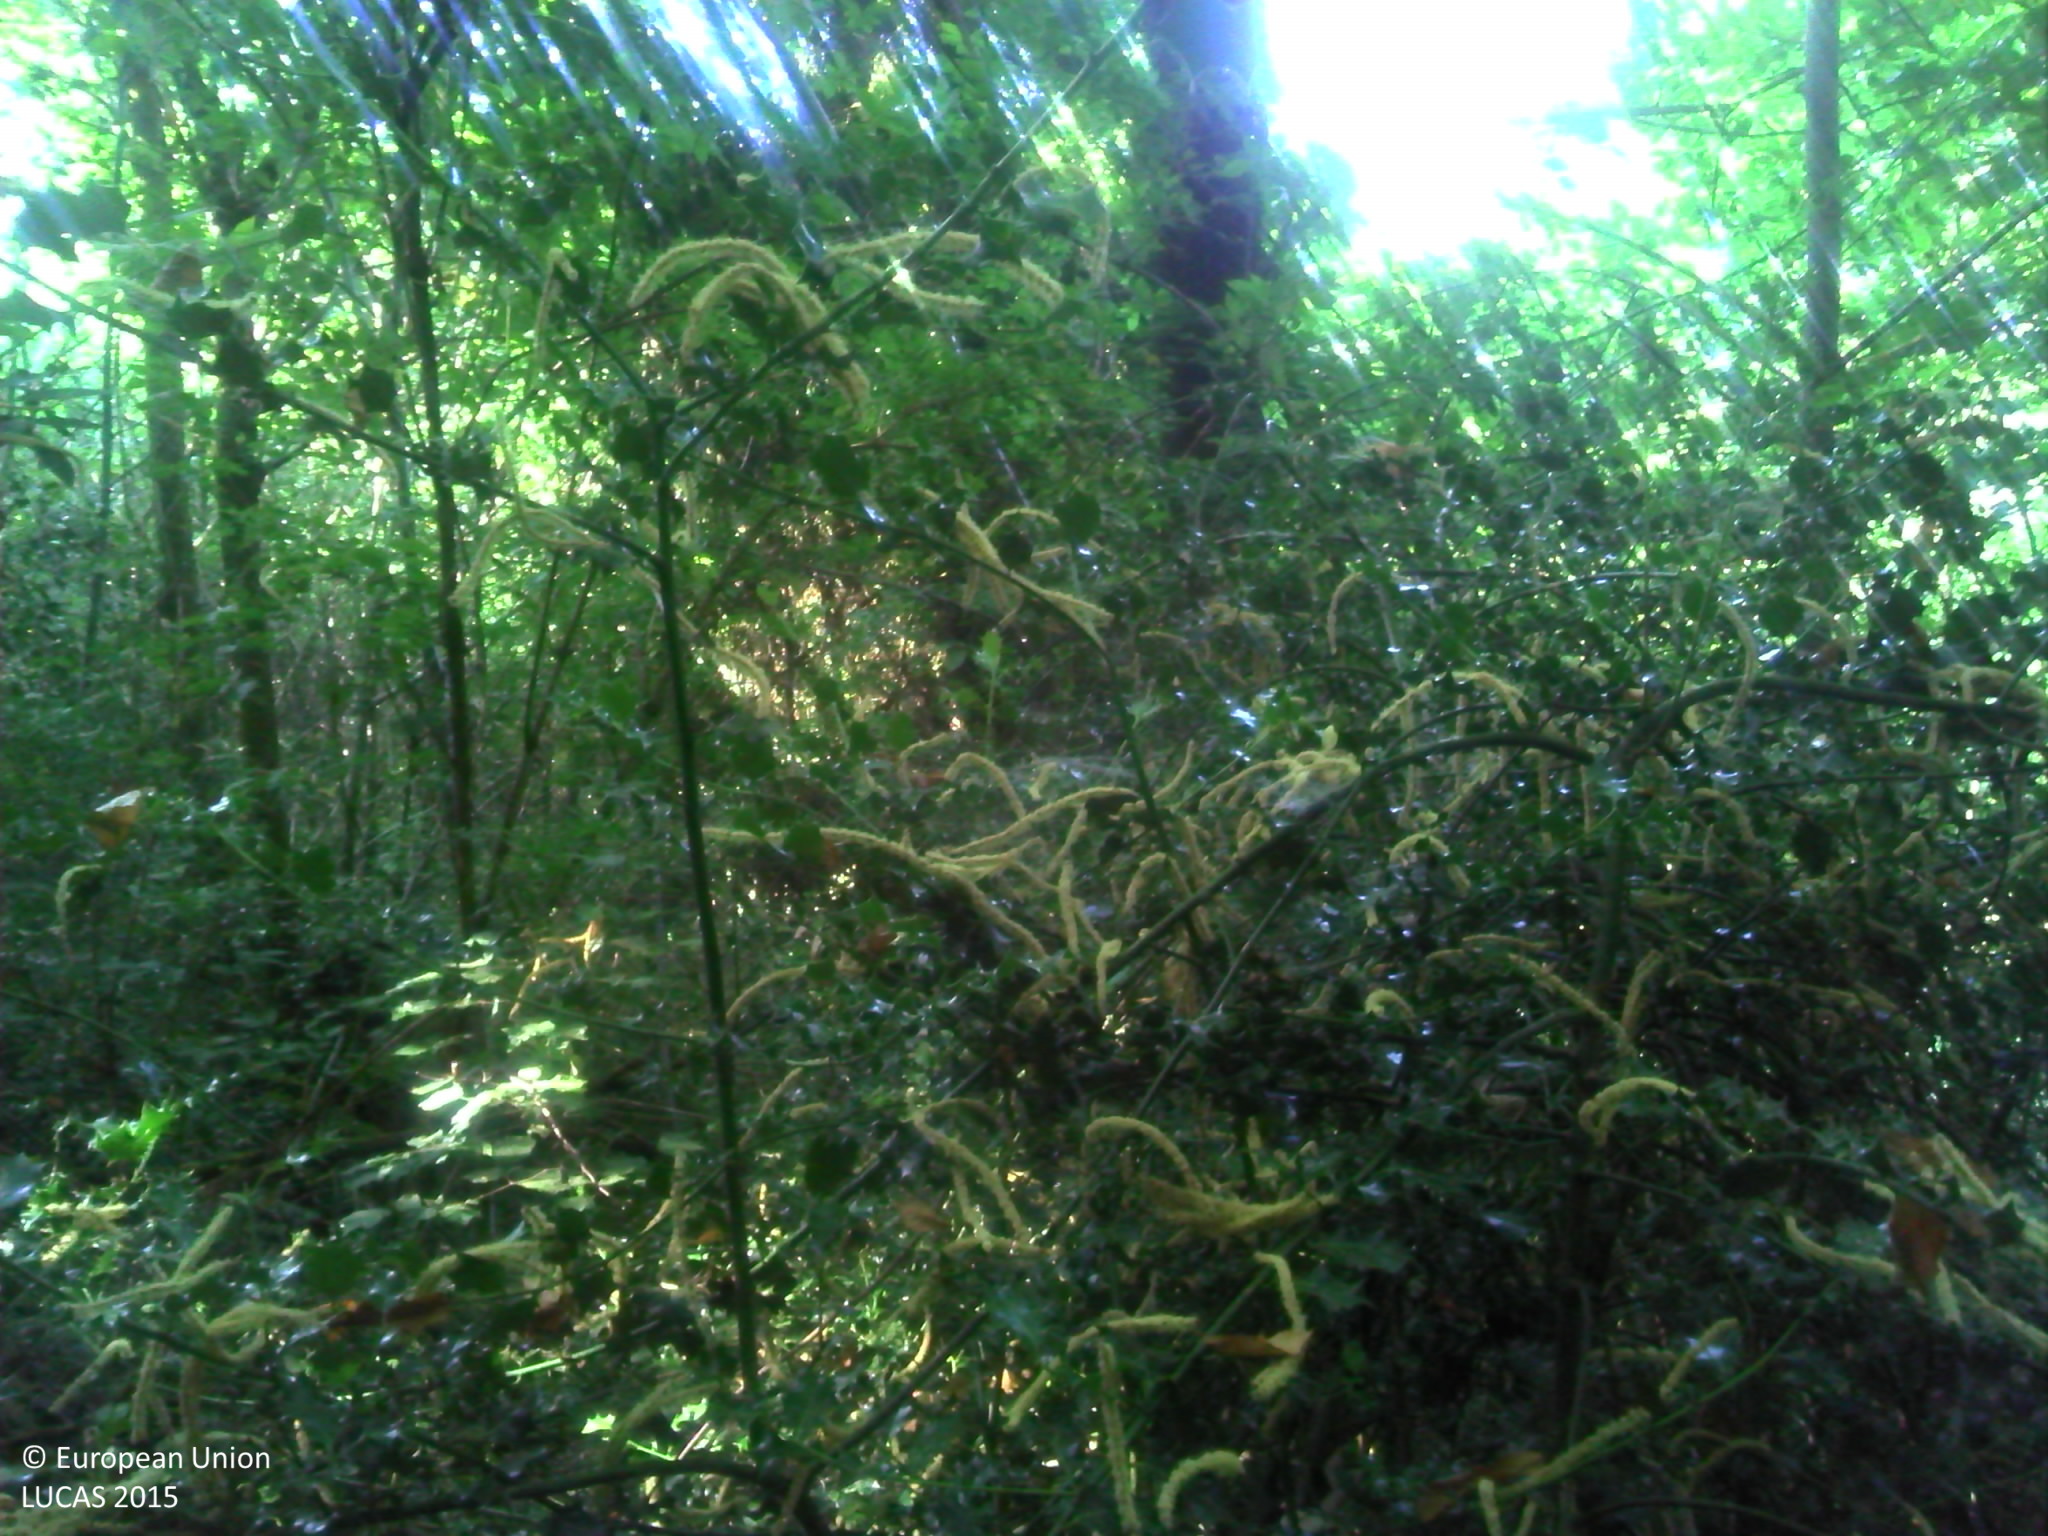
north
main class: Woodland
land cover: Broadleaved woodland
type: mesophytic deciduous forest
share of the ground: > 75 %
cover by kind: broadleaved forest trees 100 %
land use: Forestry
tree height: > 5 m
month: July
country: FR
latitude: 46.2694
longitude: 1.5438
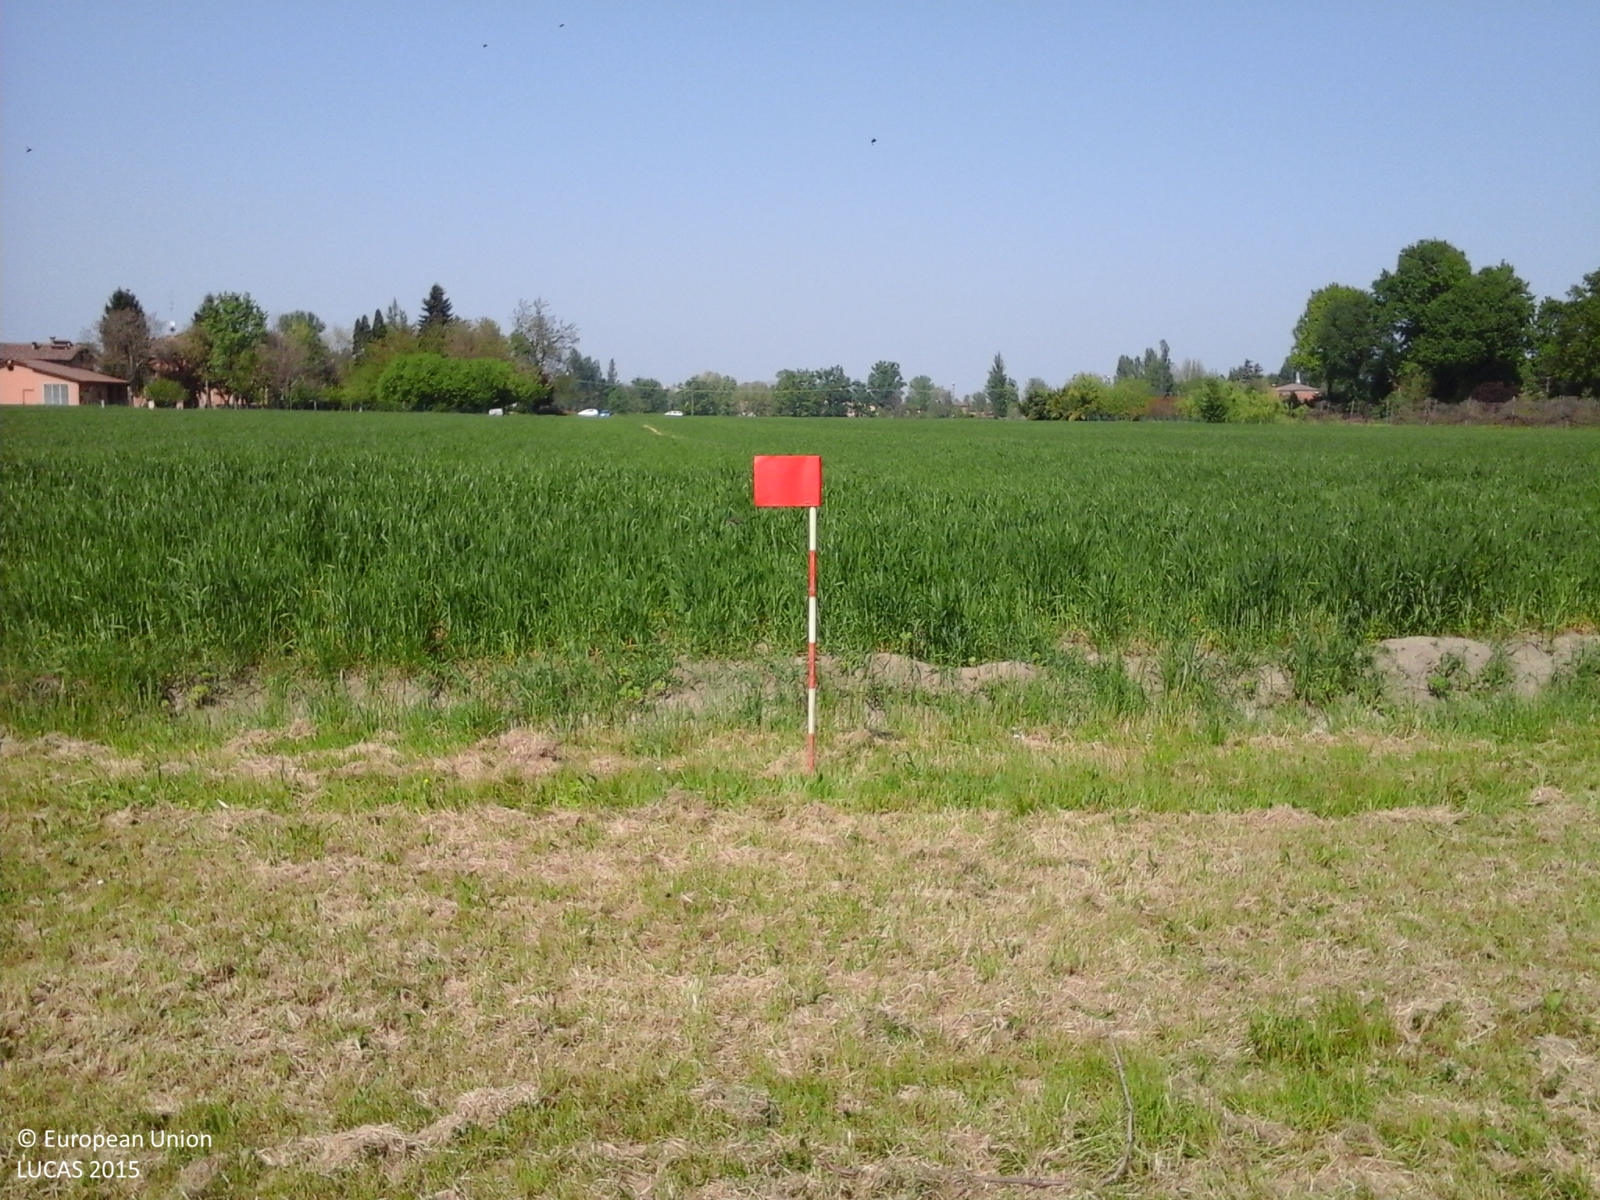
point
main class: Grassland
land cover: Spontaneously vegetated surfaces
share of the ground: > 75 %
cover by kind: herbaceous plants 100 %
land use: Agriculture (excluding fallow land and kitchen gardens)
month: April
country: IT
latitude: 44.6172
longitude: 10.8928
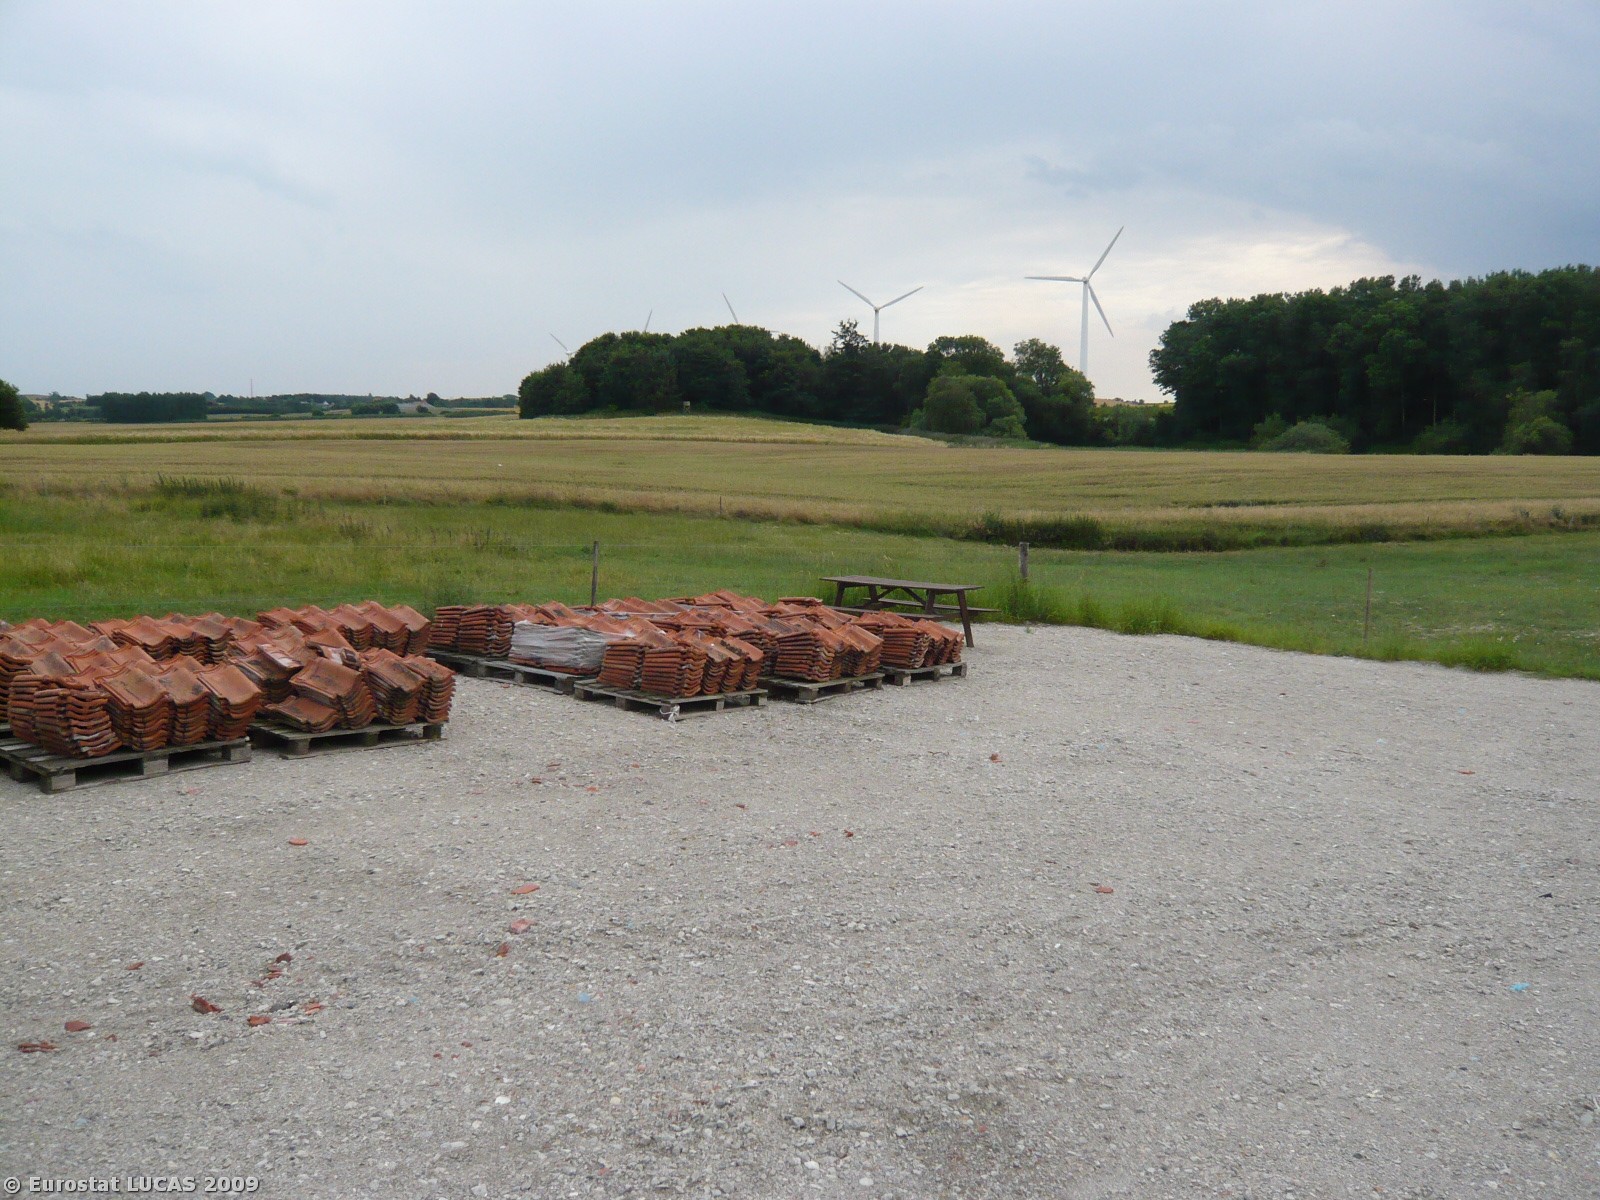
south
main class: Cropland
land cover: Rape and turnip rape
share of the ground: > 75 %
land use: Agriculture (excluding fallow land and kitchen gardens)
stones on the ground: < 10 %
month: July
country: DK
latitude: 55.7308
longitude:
•••••
Task statement:
Copy exactly the lines that run from the line containing "country: IT" to the end of the data above, keeping both end lines and leaving out all pictures.

Written answer:
country: IT
latitude: 44.6172
longitude: 10.8928
south
main class: Cropland
land cover: Rape and turnip rape
share of the ground: > 75 %
land use: Agriculture (excluding fallow land and kitchen gardens)
stones on the ground: < 10 %
month: July
country: DK
latitude: 55.7308
longitude:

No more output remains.